(INFORMATION Opens)

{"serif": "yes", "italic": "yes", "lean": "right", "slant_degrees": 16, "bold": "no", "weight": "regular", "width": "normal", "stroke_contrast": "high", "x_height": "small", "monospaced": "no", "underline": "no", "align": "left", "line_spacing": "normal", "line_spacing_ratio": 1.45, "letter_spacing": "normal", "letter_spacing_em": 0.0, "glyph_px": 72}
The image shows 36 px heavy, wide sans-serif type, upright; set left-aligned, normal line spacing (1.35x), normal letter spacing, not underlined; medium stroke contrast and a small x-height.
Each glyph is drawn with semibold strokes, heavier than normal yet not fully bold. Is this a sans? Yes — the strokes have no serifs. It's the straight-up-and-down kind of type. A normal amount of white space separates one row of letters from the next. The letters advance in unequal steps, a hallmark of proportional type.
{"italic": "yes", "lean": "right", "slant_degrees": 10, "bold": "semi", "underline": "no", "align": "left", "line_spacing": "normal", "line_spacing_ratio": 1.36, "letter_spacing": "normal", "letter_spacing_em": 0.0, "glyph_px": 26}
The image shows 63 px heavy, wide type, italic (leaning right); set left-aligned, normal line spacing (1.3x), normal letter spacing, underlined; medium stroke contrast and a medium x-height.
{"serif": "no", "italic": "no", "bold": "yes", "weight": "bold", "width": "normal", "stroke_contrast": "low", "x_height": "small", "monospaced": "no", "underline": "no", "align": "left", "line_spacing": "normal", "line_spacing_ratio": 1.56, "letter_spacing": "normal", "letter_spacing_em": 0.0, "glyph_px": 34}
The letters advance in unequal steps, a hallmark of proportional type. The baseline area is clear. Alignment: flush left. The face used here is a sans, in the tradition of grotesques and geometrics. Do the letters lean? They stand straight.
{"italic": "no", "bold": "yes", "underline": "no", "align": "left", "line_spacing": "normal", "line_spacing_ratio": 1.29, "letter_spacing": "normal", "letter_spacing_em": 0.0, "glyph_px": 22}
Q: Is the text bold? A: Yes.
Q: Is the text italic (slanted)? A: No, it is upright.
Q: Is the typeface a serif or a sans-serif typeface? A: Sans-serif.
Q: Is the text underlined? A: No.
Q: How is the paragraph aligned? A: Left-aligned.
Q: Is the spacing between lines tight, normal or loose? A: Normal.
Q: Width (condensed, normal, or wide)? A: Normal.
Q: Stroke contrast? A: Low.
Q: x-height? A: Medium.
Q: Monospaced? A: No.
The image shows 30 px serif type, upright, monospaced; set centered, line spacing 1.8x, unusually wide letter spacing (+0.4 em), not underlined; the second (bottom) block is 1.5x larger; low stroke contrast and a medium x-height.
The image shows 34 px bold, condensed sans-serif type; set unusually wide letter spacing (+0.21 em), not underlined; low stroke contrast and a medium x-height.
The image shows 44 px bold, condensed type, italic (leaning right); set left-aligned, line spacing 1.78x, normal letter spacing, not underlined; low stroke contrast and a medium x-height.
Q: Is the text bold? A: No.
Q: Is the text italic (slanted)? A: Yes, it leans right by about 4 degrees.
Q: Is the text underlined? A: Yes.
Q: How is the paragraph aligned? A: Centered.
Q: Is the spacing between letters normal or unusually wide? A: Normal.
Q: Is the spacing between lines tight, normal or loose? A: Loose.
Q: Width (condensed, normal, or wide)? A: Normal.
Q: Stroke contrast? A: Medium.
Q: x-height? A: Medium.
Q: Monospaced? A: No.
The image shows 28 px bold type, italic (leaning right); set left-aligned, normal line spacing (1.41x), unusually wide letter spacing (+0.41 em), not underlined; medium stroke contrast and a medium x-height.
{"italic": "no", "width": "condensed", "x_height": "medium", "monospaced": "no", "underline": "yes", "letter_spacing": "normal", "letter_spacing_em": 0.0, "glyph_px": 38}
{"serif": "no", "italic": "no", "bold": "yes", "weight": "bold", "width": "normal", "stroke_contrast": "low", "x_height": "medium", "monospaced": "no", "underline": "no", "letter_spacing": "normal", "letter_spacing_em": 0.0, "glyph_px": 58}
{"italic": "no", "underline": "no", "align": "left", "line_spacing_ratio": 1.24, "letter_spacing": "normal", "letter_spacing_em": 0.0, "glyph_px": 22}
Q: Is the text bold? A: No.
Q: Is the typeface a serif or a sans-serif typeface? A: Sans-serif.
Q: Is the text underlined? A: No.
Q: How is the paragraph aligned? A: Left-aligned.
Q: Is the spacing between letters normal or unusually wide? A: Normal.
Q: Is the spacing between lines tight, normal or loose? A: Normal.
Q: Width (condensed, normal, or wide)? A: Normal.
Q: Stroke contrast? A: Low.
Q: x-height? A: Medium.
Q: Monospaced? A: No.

(INFORMATION Closes)

Read through the entries above, and wherever a line holds the string "slanted", copy it.

• _ANSWER TO THIS EXERCISE_:
Q: Is the text italic (slanted)? A: No, it is upright.
Q: Is the text italic (slanted)? A: Yes, it leans right by about 4 degrees.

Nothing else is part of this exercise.